Delle sette pubblicazioni incluse nella revisione sistematica, l’attività di malattia è stata valutata in due di queste (2,3), in cui pazienti AR di sesso femminile erano sottoposte a basse dosi di methotrexate (≤10 mg a settimana) e basse dosi di prednisone (≤7.5 mg al giorno). In questi studi la depressione è risultata essere un moderatore significativo di stress, con una depressione elevata che correla con un più ampio effetto dello stress sull’attività di malattia.

Due articoli hanno invece investigato la persistenza al trattamento dell’AR (4,5), identificando dai medical record ogni possibile causa di interruzione del trattamento, distinguendo fra una generica ragione e l’inefficacia del trattamento. In uno dei due studi non è stata trovata alcuna relazione fra la depressione al baseline e la sospensione dei DMARD a 1 anno per una generica ragione. L’altro studio al contrario ha trovato un’associazione positiva (HR = 1.68; CI 1.08, 2.60), ancor più palese quando la ragione della sospensione era l’inefficacia (HR = 1.86; CI 1.01, 3.43).

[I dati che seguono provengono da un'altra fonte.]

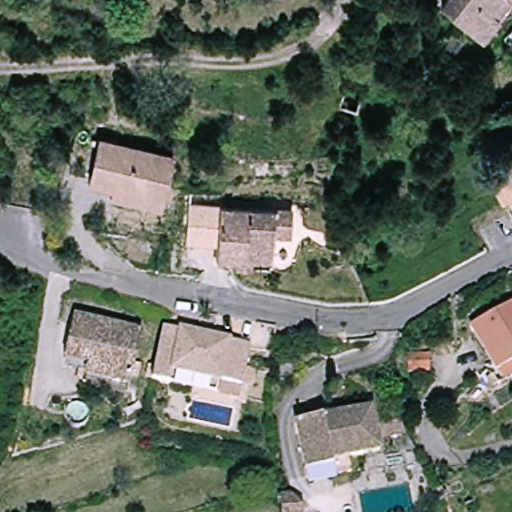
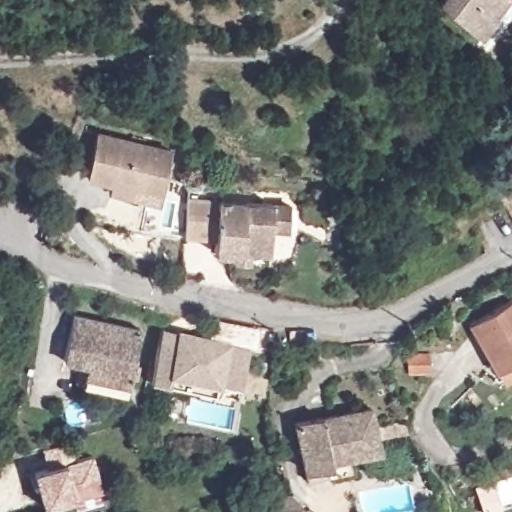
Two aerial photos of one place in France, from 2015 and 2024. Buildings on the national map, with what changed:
unchanged [(441,7),(448,0),(512,0),(512,4),(491,25),(473,42),(441,7)]
unchanged [(140,196),(108,186),(110,179),(87,172),(101,131),(173,154),(161,195),(159,202),(140,196)]
unchanged [(502,178),(512,172),(512,199),(502,178)]
unchanged [(238,254),(215,251),(215,232),(190,231),(191,185),(219,186),(220,195),(274,200),(292,201),(291,223),(272,222),(270,248),(256,247),(256,257),(238,256),(238,254)]
unchanged [(496,381),(491,368),(496,366),(475,321),(512,302),(512,374),(496,381)]
unchanged [(90,365),(66,360),(75,315),(143,329),(136,373),(131,395),(86,385),(90,365)]
unchanged [(166,333),(255,350),(247,393),(176,380),(173,392),(156,388),(166,333)]
unchanged [(425,358),(431,377),(403,385),(396,367),(425,358)]
unchanged [(306,473),(304,456),(300,411),(380,406),(381,423),(403,422),(410,440),(381,441),(382,450),(353,452),(356,468),(306,473)]
new [(101,489),(74,498),(43,506),(33,472),(66,462),(94,456),(101,489)]
unchanged [(283,492),(294,493),(308,505),(308,512),(284,512),(283,492)]

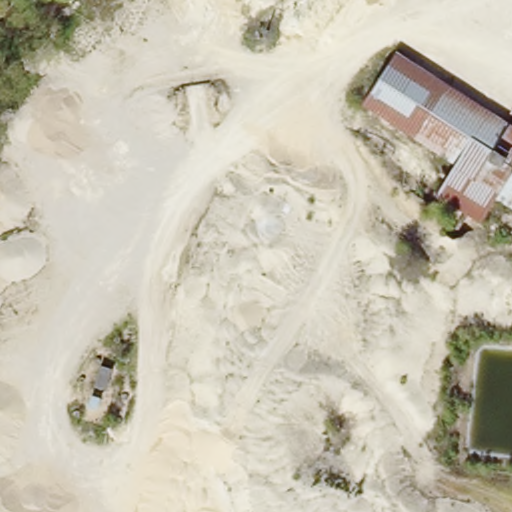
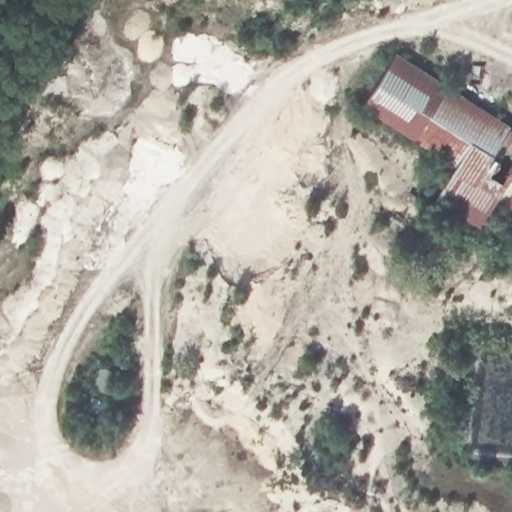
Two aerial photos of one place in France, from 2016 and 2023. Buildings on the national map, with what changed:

Lo studio in cui venivano condotte analisi post hoc dei dati aggregati provenienti da più studi controllati, in cui i pazienti erano randomizzati a MTX o MTX in combinazione con etanercept, è risultato essere decisivo (6). Gli autori infatti osservato che i pazienti con depressione al baseline avevano probabilità inferiori di raggiungere la remissione clinica ed una più bassa attività di malattia - misurata con il DAS28 (42.4% vs 56.3% and 56.3% vs 69.3%, rispettivamente) o sulla base di ACR20, 50 o 70, HAQ-DI e VAS dolore - rispetto ai pazienti senza depressione.

Pertanto, oltre al peggioramento del condizioni di salute e all’aumento della spesa sanitaria, la depressione interferisce anche con le attività della vita quotidiana, determinando un peggioramento della qualità della vita, insieme ad una riduzione della persistenza e dell’efficacia del trattamento farmacologico. Infatti i soggetti affetti da depressione cronica tendono a non avvertire immediatamente i benefici del trattamento, con compromissione degli outcome clinici sul lungo termine e decretando di conseguenza l’inefficacia del trattamento.

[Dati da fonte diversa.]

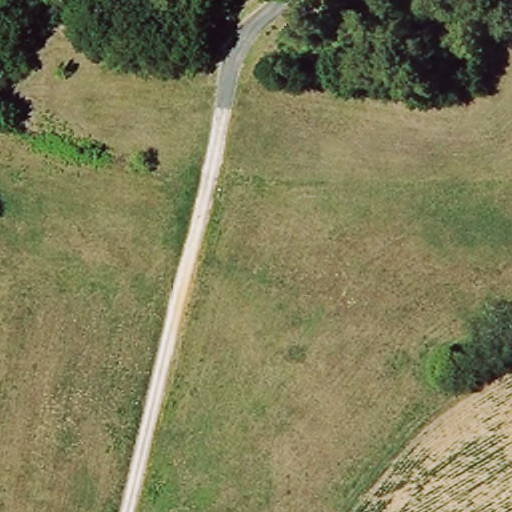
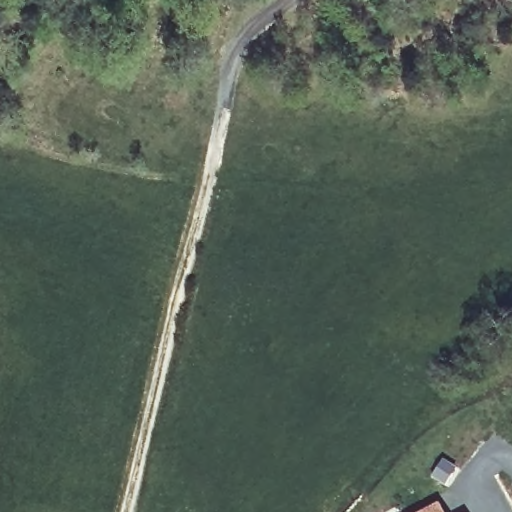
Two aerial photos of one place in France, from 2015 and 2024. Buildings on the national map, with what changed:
new [(439,502),(445,512),(419,512),(439,502)]

Quali le ragioni alla base dell’evidenza? Nel discutere i risultati emersi, gli autori ipotizzano due possibilità. La depressione potrebbe essere correlata a un processo mentale in grado di suscitare pensieri negativi incontrollati e ripetitivi, che agiscono direttamente sulle vie somatiche determinando l’attivazione dell’immunità cellulo-mediata e quindi un aggravamento dell’attività di malattia.
In alternativa, i sintomi della depressione potrebbero indurre il paziente con AR a evitare qualsiasi forma di attività fisica. Tale atteggiamento potrebbe risultare quindi in un decondizionamento dell’organismo e in una perdita di endorfine endogene, che potrebbero concorrere ad aumentare il dolore muscolo scheletrico.

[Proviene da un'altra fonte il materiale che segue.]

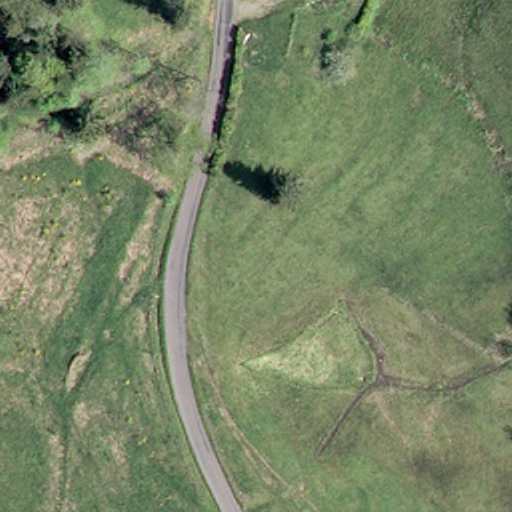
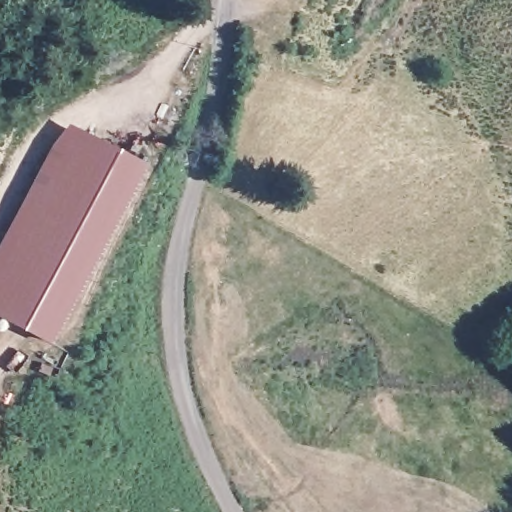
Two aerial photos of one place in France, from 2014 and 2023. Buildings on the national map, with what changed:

Gli autori concludono sottolineando la necessità di condurre studi osservazionali in grado di valutare come la depressione moduli la risposta al trattamento farmacologico in più ampie ed eterogenee casistiche di pazienti, allo scopo di supportare lo sviluppo di raccomandazioni utili alla pratica clinica in ambito reumatologico.


Francesca Sernissi

1    Rathbun AM, Reed GW, Harrold LR. The temporal relationship between depression  and rheumatoid arthritis disease activity, treatment persistence and response: a systematic review. Rheumatology (Oxford).
2    Zautra AJ, Smith BW. Depression and reactivity to stress in older women with rheumatoid arthritis and osteoarthritis. Psychosom Med 2001;63:687–96.
3    Zautra AJ, Yocum DC, Villanueva I, et al. Immune activation and depression in women with rheuma-toid arthritis. J Rheumatol 2004;31:457–63.
4    Wong M, Mulherin D. The influence of medication beliefs and other psychosocial factors on early discontinuation of disease-modifying anti-rheumatic drugs. Musculoskel Care 2007;5:148–59.
5    Mattey DL, Dawes PT, Hassell AB, Brownfield A, Packham JC. Effect of psychological distress on continuation of anti-tumor necrosis factor therapy in patients with rheumatoid arthritis. J Rheumatol 2010;37:2021–4.
6    Kekow J, Moots R, Khandker R, Melin J, Freundlich B, Singh A. Improvements in patient-reported outcomes, symptoms of depression and anxiety, and their association with clinical remission among patients with moderate-to-severe active early rheumatoid arthritis. Rheumatology 2011;50:401–9.